”He has also set eternity in the human heart.” Ecc 3:11
Christmas is my absolute favorite time of year. It is focused on close relationships, hearth, and generosity. Why do so many of us love Christmas? I have come to believe it is because Christmas is centered on a theme that I think is very near and dear to our hearts: Hope. And if you don’t believe me, suicide rates drop around Christmas. Seems contrary to nature, but I googled it (Yep, this is what I do in my spare time). Yes, Christmas awakens Hope. And without Hope the heart aches in pain, “Hope deferred makes the heart sick” (Prov 13:12). If you deprive yourself of hope, you will deprive yourself of life. Hope enables you to live and endure the present circumstances of life because for you to have hope there is something you must be looking forward to and holding on to that gives you the strength to move forward.
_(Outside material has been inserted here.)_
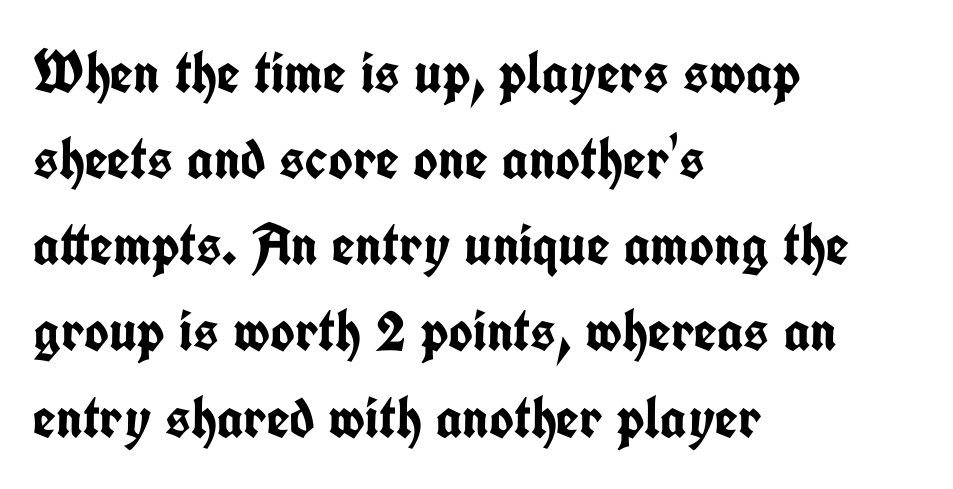
The designer left line spacing at the default. Type style note: lacks serifs. Line starts are locked; line ends wander. Caption: standard tracking, unaltered. Stroke thickness is high; the sample reads as a true bold. The passage shown is typed in a proportional face where columns would drift.

Which leads me to my next observation. Christmas has another side to it, a side that is less than enjoyable. This side of Christmas can inspire a love-hate relationship to the holiday. Christmas has a strange way of awakening longings in each of us. We start to pine away for the things we don’t have. And if you are still unsure, just think about how we begin the holidays with the biggest shopping day of the year - Black Friday.
We all have our own version of Christmas, the way we wish Christmas was and the things we long for - we long for our own version of the perfect family, one in which our family was closer and more loving. A family that is like the kinds you see on Lifetime TV around Christmastime. Or you may long for the perfect husband or children. You may long for a victorian mansion and white picket fence. We each have our own version of the perfect Christmas, the way we think life should be. And it is around Christmas that we are reminded that it is not that way at all. Yes, Christmas awaken longings for a better life.
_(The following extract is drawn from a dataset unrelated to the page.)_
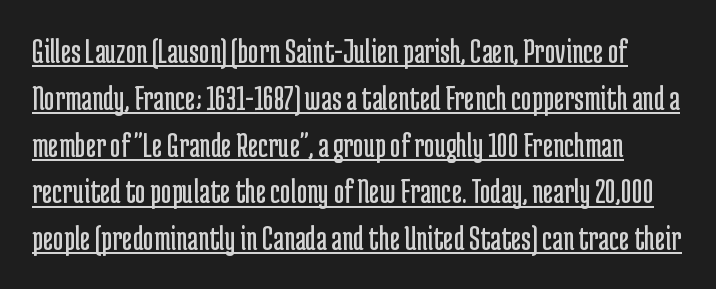
{"serif": "no", "italic": "no", "bold": "no", "weight": "regular", "width": "condensed", "stroke_contrast": "low", "x_height": "medium", "monospaced": "no", "underline": "yes", "line_spacing": "normal", "line_spacing_ratio": 1.3, "letter_spacing": "normal", "letter_spacing_em": 0.0, "glyph_px": 36}

Why do we long for so much? Why do hopes and dreams lead to despair? Because we all have our own version of heaven in this life and we can’t have it. Because what we are really longing for is heaven. Eternity, or Paradise, is written on our hearts. We were meant for eternity. It doesn’t take long to reach the conclusion that this life is not paradise. It’s earth. It was paradise. But then came the Fall. And now it is a fallen world.
I find myself wandering: is there any remedy for this? Are we doomed pine away and long for what we cannot have in this life? I think to a certain degree that is true. We cling to the hope that comes from the return of Christ and eternity with Him. But I also think that in a way, God is the piece of heaven that we have on this earth. I say piece because we do not yet fully know God “for now we see only a reflection as in a mirror; then we shall see face to face. Now I know in part; then I shall know fully, even as I am fully known” (1 Cor 13:12). He is where heaven meets earth.
“Once, on being asked by the Pharisees when the kingdom of God would come, Jesus replied, “The coming of the kingdom of God is not something that can be observed, nor will people say, ‘Here it is,’ or ‘There it is,’ because the kingdom of God is within you.” (Luke 17:20-21). The more we know Him the more His kingdom becomes a reality within us. If you are following Christ and believing in Him, as you grow in knowledge of God, you will experience more and more of heaven and His kingdom will be lived out through you. I think in a sense, if you believe and follow Christ as the Way, the Truth, and the Life, heaven is inside of you, just not to its full measure.